_RECORDS SUPPLIED_:

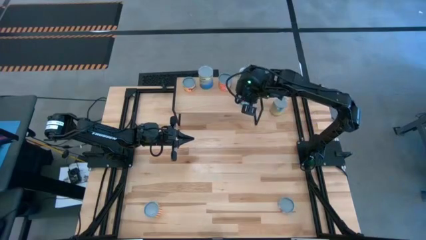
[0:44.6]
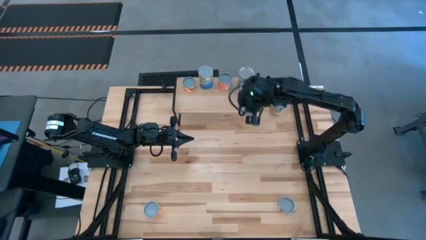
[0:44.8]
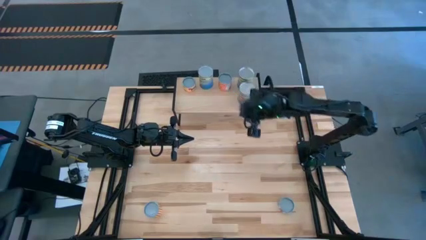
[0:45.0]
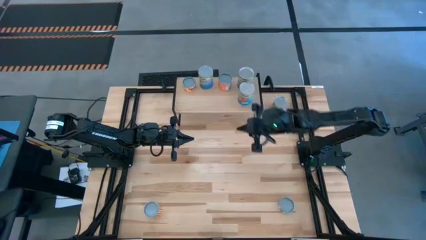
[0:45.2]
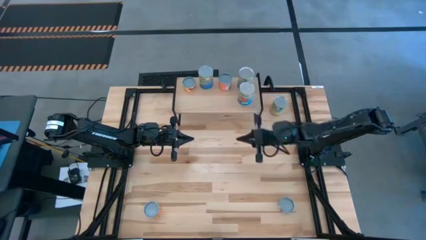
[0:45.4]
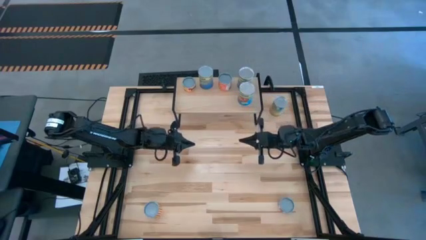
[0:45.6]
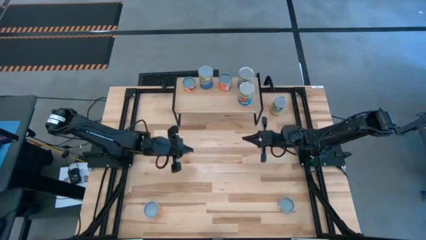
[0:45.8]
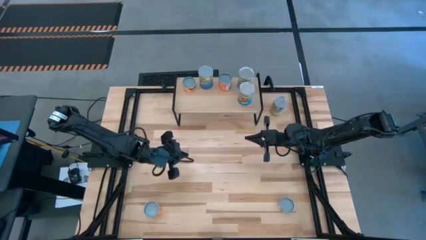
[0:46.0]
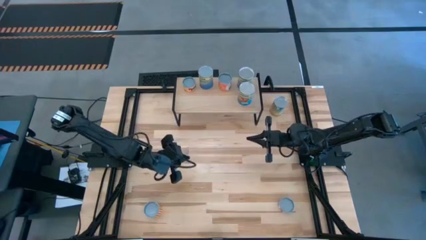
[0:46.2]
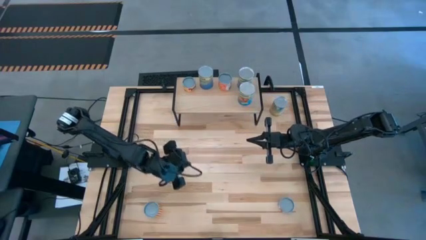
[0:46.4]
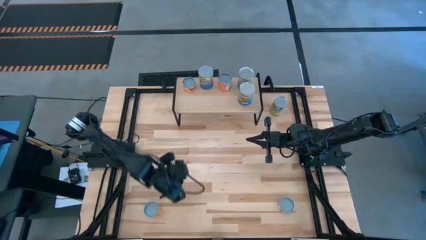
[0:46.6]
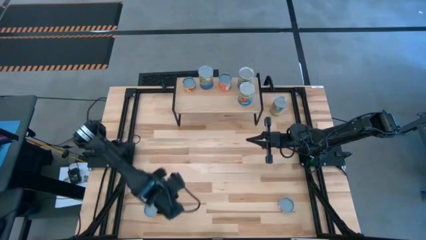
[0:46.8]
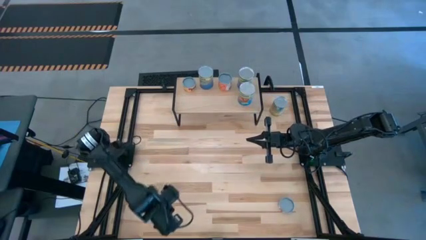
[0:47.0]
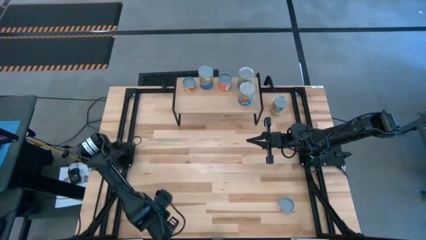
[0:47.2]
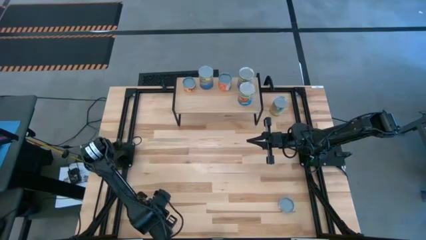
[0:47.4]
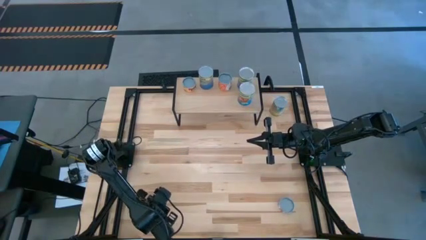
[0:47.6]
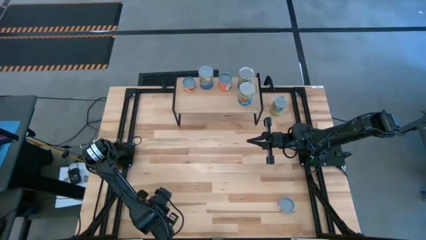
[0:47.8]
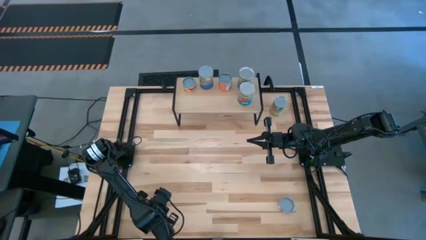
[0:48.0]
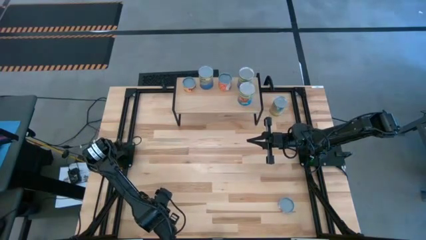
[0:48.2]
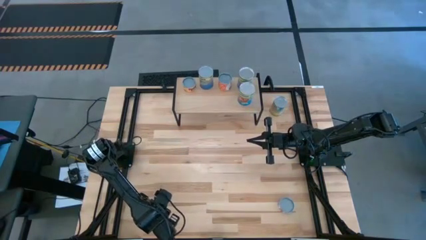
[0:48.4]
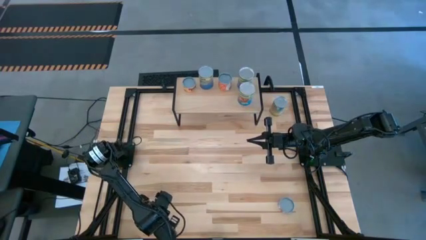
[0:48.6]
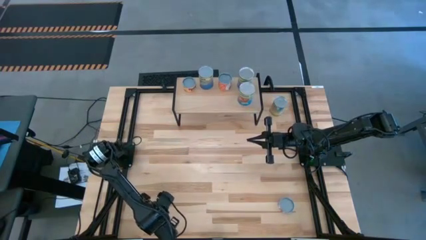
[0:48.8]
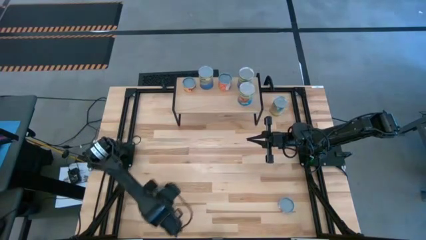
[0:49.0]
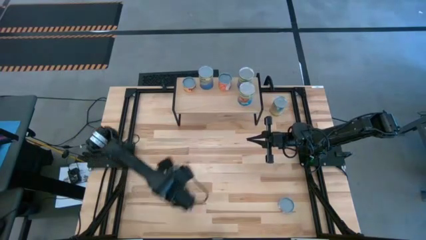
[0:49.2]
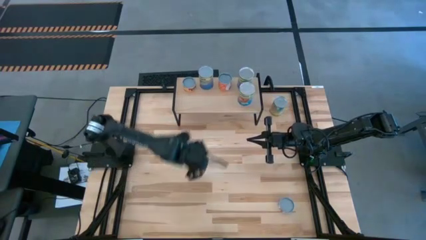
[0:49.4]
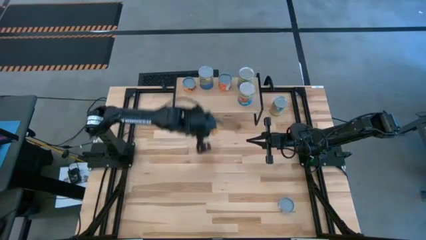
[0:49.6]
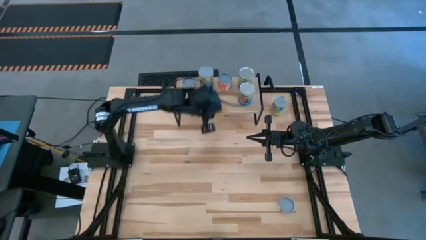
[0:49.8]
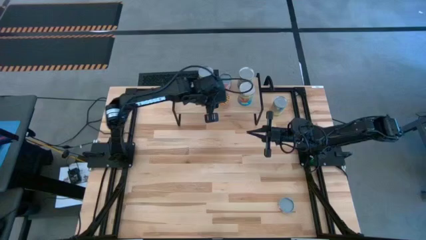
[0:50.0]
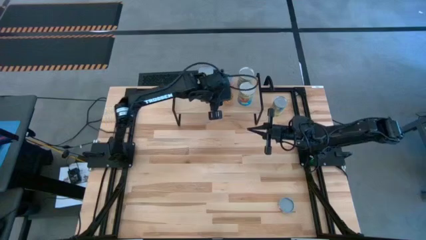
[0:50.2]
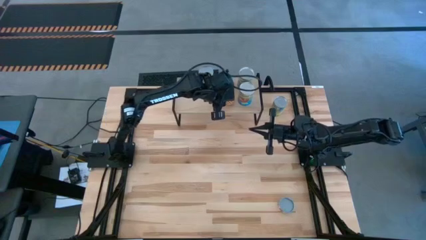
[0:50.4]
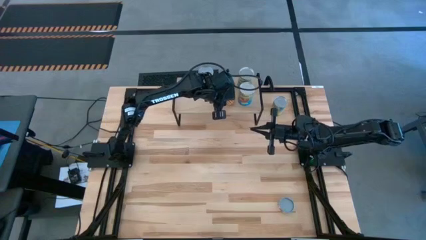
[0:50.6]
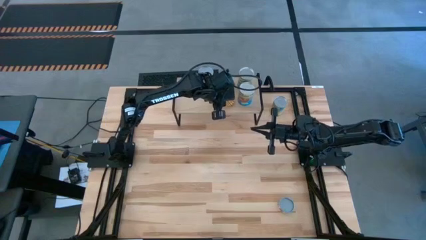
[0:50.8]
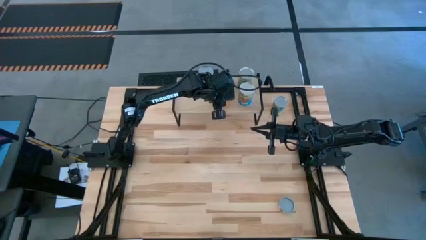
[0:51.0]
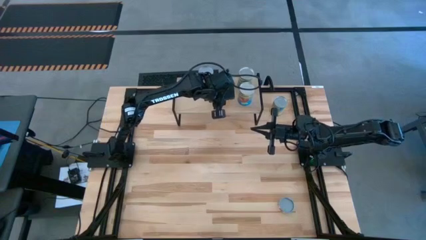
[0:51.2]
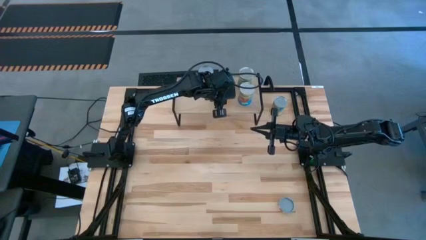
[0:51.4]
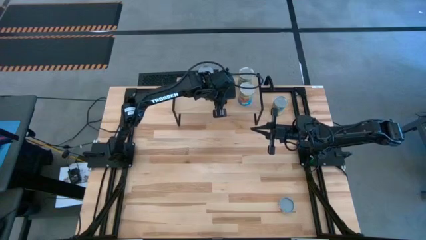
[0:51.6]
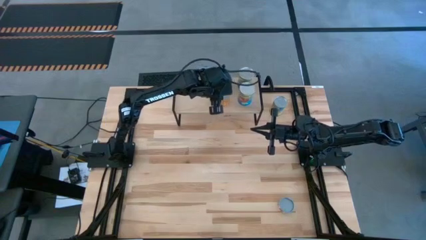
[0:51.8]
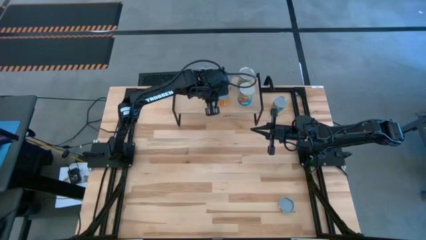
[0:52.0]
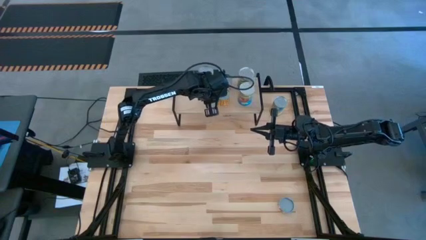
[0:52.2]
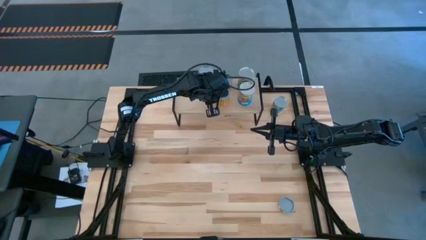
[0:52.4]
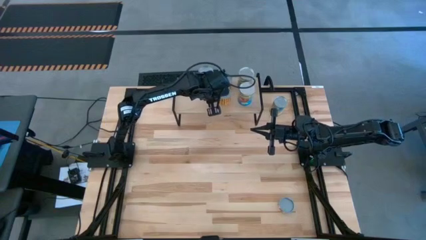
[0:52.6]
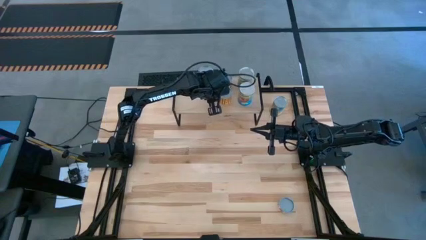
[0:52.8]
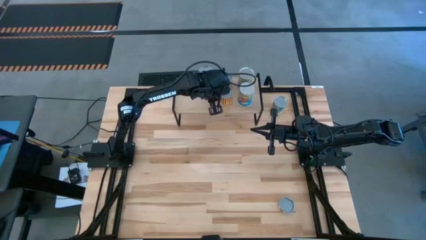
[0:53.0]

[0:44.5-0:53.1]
Put the yellow can on the shelf aligned with the orange can

_TASK DESCRIPTION_:
Take the preceding listing and transcribe it exactly, skipping the pictures.

_REPLY TO THE TASK_:
[0:44.6]
[0:44.8]
[0:45.0]
[0:45.2]
[0:45.4]
[0:45.6]
[0:45.8]
[0:46.0]
[0:46.2]
[0:46.4]
[0:46.6]
[0:46.8]
[0:47.0]
[0:47.2]
[0:47.4]
[0:47.6]
[0:47.8]
[0:48.0]
[0:48.2]
[0:48.4]
[0:48.6]
[0:48.8]
[0:49.0]
[0:49.2]
[0:49.4]
[0:49.6]
[0:49.8]
[0:50.0]
[0:50.2]
[0:50.4]
[0:50.6]
[0:50.8]
[0:51.0]
[0:51.2]
[0:51.4]
[0:51.6]
[0:51.8]
[0:52.0]
[0:52.2]
[0:52.4]
[0:52.6]
[0:52.8]
[0:53.0]

[0:44.5-0:53.1]
Put the yellow can on the shelf aligned with the orange can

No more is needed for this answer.